There were 503 housing units, of which 31.0% were vacant. The homeowner vacancy rate was 9.2% and the rental vacancy rate was 20.3%.

Racial composition as of the 2020 census
| Race | Number | Percent |
|---|---|---|
| White | 1,137 | 69.8% |
| Black or African American | 227 | 13.9% |
| American Indian and Alaska Native | 118 | 7.2% |
| Asian | 0 | 0.0% |
| Native Hawaiian and Other Pacific Islander | 0 | 0.0% |
| Some other race | 51 | 3.1% |
| Two or more races | 95 | 5.8% |
| Hispanic or Latino (of any race) | 113 | 6.9% |

===2000 census===

As of the census of 2000, there were 1,844 people, 443 households, and 283 families residing in the town. The population density was 1,166.3 PD/sqmi. There were 533 housing units at an average density of 337.1 /sqmi. The racial makeup of the town was 69.47% White, 16.97% African American, 4.93% Native American, 0.38% Asian, 3.85% from other races, and 4.39% from two or more races. Hispanic or Latino of any race were 7.16% of the population.

There were 443 households, out of which 27.1% had children under the age of 18 living with them, 48.8% were married couples living together, 10.4% had a female householder with no husband present, and 36.1% were non-families. 33.9% of all households were made up of individuals, and 18.1% had someone living alone who was 65 years of age or older. The average household size was 2.26 and the average family size was 2.88.

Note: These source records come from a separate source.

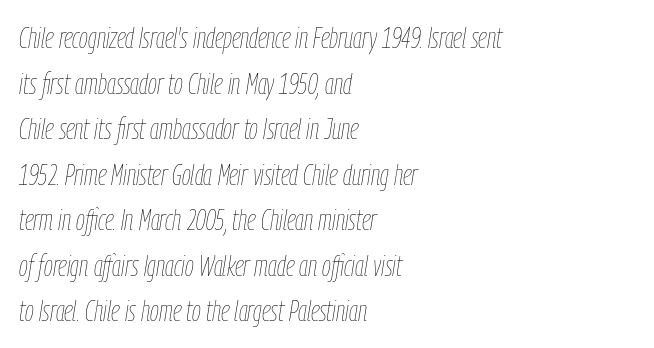
The image shows 29 px thin, condensed type, italic (leaning right); set left-aligned, normal line spacing (1.57x), normal letter spacing, not underlined; low stroke contrast and a medium x-height.
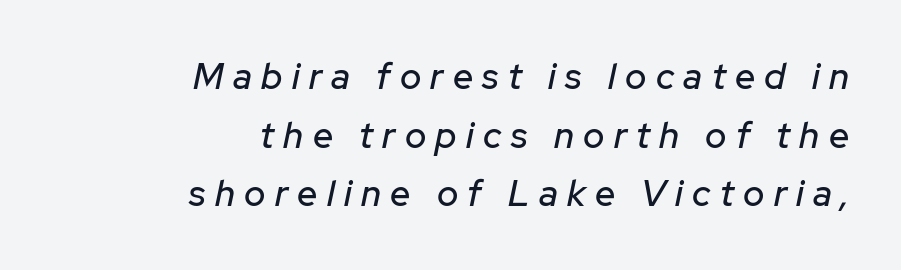
Q: Is the text italic (slanted)? A: Yes, it leans right by about 12 degrees.
Q: Is the text underlined? A: No.
Q: How is the paragraph aligned? A: Right-aligned.
Q: Is the spacing between letters normal or unusually wide? A: Unusually wide.
Q: Is the spacing between lines tight, normal or loose? A: Normal.
Q: Width (condensed, normal, or wide)? A: Normal.
Q: Stroke contrast? A: Low.
Q: x-height? A: Medium.
Q: Monospaced? A: No.
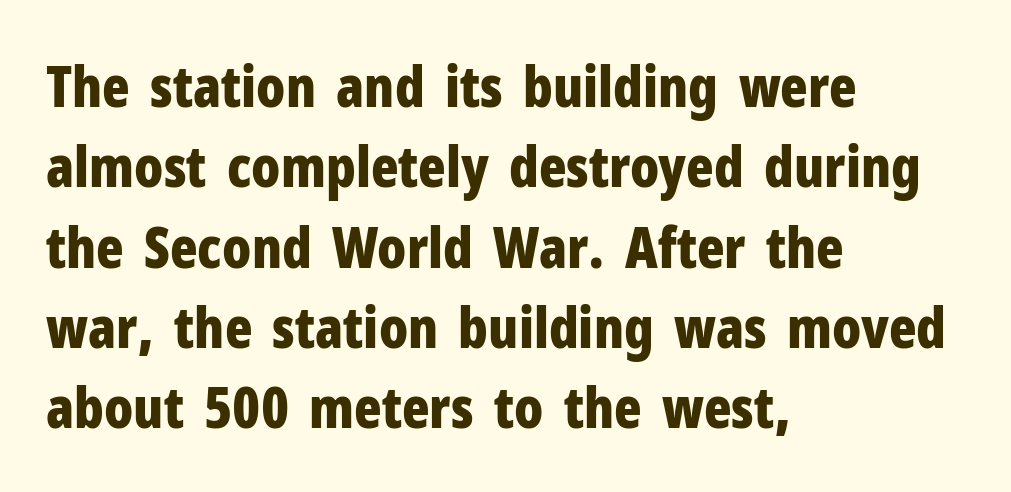
Q: Is the text bold? A: Yes.
Q: Is the text italic (slanted)? A: No, it is upright.
Q: Is the typeface a serif or a sans-serif typeface? A: Sans-serif.
Q: Is the text underlined? A: No.
Q: How is the paragraph aligned? A: Left-aligned.
Q: Is the spacing between letters normal or unusually wide? A: Normal.
Q: Is the spacing between lines tight, normal or loose? A: Normal.
Q: Width (condensed, normal, or wide)? A: Condensed.
Q: Stroke contrast? A: Low.
Q: x-height? A: Medium.
Q: Monospaced? A: No.
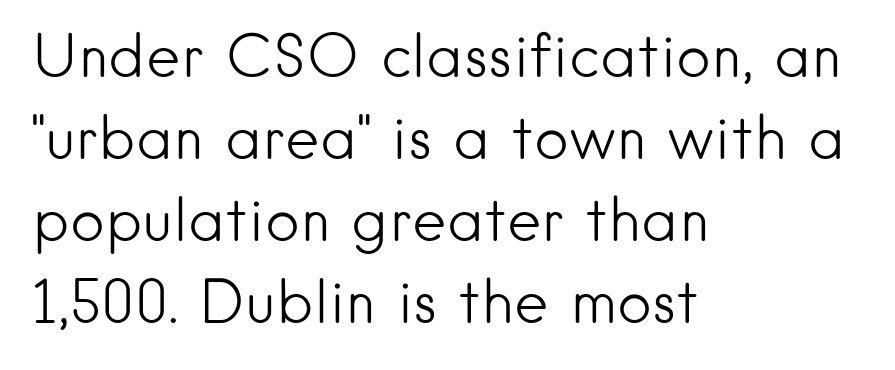
{"serif": "no", "italic": "no", "bold": "no", "weight": "light", "width": "normal", "stroke_contrast": "low", "x_height": "small", "monospaced": "no", "underline": "no", "align": "left", "line_spacing": "normal", "line_spacing_ratio": 1.39, "letter_spacing": "normal", "letter_spacing_em": 0.0, "glyph_px": 59}
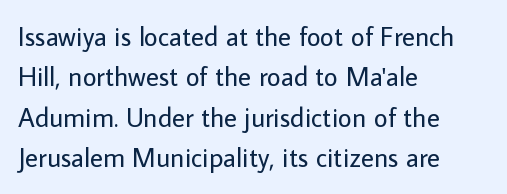
The passage shown stacks its lines at a standard gap. Students, note that the glyphs here touch the page at normal intervals. This reads as an unemphasized weight, regular at the heaviest. Typeset ragged right — the left edge is the straight one. No italicization has been applied; the sample stays upright.
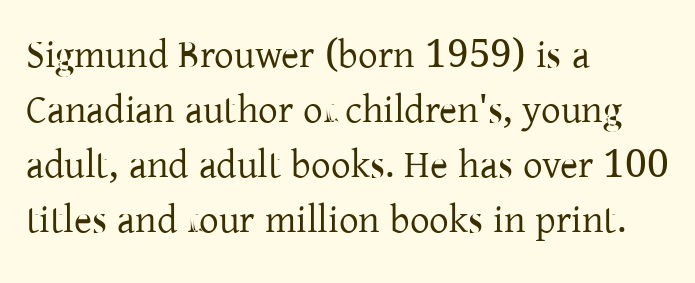
Style check: upright. The block of text has a typical density, with ordinary space between rows. Compared with typical body copy, the letter spacing here is the same. In terms of letterform style, serifs are clearly present.
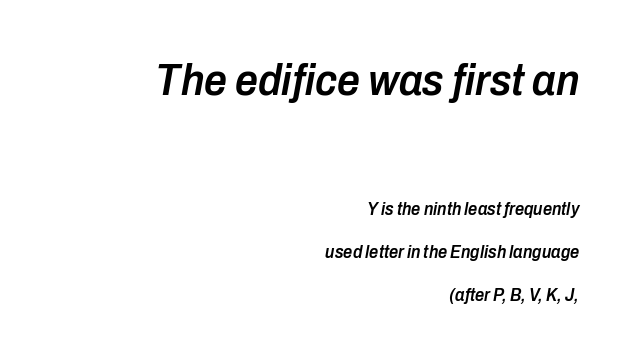
Think of a printed novel: that variable character pitch is what you see here. The horizontal fit of the characters is conventional and even. Does the lettering tilt? It does — this is italic. Underlining? Definitely not there. How would I describe the line gaps? Wide and relaxed. Every row of glyphs terminates at an identical x-position on the right.
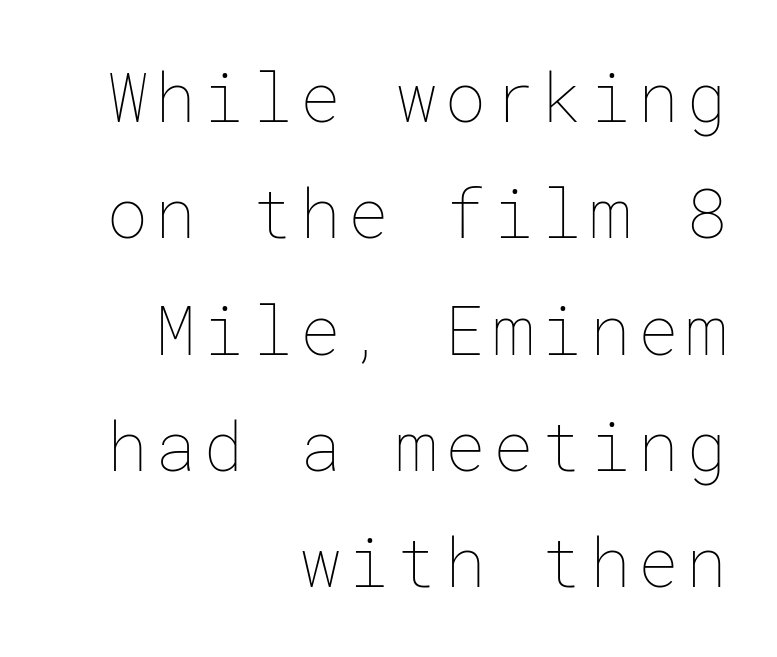
The image shows 68 px thin type, upright; set right-aligned, line spacing 1.71x, not underlined; low stroke contrast and a medium x-height.
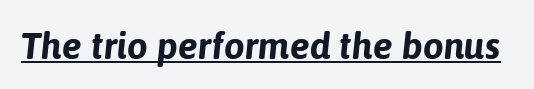
The image shows 37 px bold type, italic (leaning right); set normal letter spacing, underlined; low stroke contrast and a medium x-height.
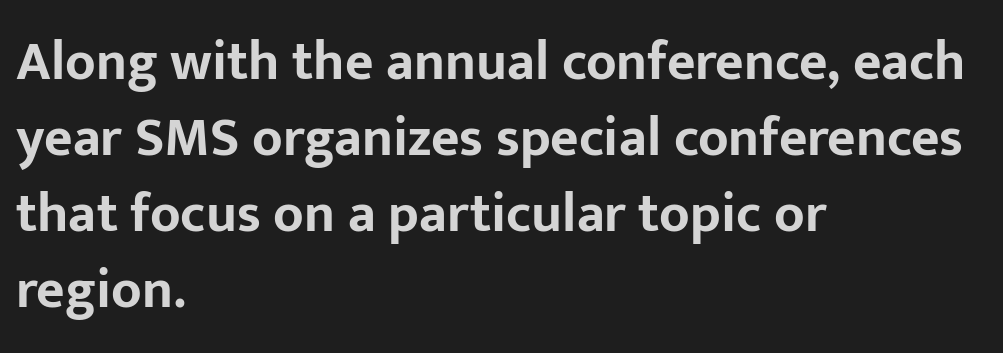
{"serif": "no", "italic": "no", "bold": "yes", "weight": "bold", "width": "normal", "stroke_contrast": "low", "x_height": "medium", "monospaced": "no", "underline": "no", "align": "left", "line_spacing": "normal", "line_spacing_ratio": 1.38, "letter_spacing": "normal", "letter_spacing_em": 0.0, "glyph_px": 55}
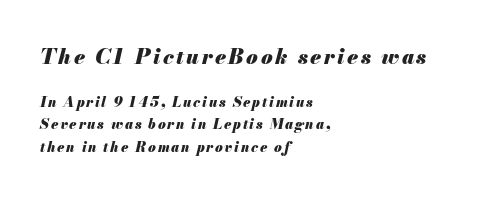
Q: Is the text bold? A: Yes.
Q: Is the text italic (slanted)? A: Yes, it leans right by about 13 degrees.
Q: Is the text underlined? A: No.
Q: How is the paragraph aligned? A: Left-aligned.
Q: Is the spacing between lines tight, normal or loose? A: Normal.
Q: Which block of text is set in a larger size, the first (top) or the second (bottom)? A: The first (top) one.
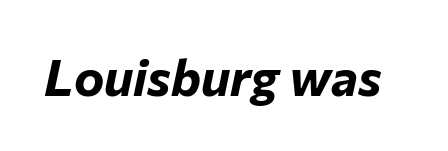
{"italic": "yes", "lean": "right", "slant_degrees": 12, "bold": "yes", "weight": "bold", "width": "normal", "stroke_contrast": "low", "x_height": "medium", "monospaced": "no", "underline": "no", "letter_spacing": "normal", "letter_spacing_em": 0.0, "glyph_px": 51}
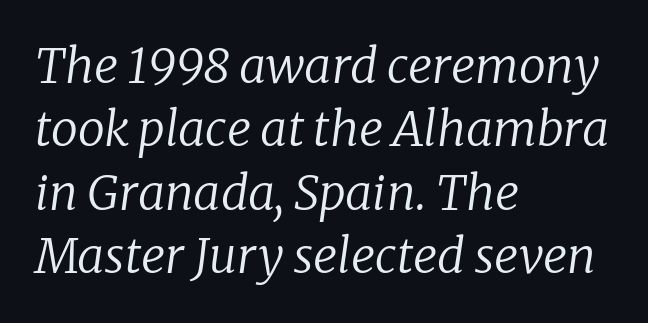
The image shows 48 px regular-weight serif type, italic (leaning right); set left-aligned, normal line spacing (1.32x), normal letter spacing, not underlined; low stroke contrast and a medium x-height.

In the town, the population was spread out, with 13.7% under the age of 18, 12.6% from 18 to 24, 43.2% from 25 to 44, 18.3% from 45 to 64, and 12.2% who were 65 years of age or older. The median age was 36 years. For every 100 females, there were 259.5 males. For every 100 females age 18 and over, there were 304.8 males.

The median income for a household in the town was $25,438, and the median income for a family was $30,703. Males had a median income of $23,125 versus $20,368 for females. The per capita income for the town was $12,599. About 13.1% of families and 17.5% of the population were below the poverty line, including 23.0% of those under age 18 and 12.3% of those age 65 or over.

==Local business==

Willis Granite Products, makers of headstones and monuments is located in Granite.

Granite is also home to Oklahoma State Reformatory, a medium-security corrections facility also boasting some maximum and minimum-security housing for adult male inmates. Located off Oklahoma Highway 9, the 10 acre facility has a maximum capacity of 999 inmates.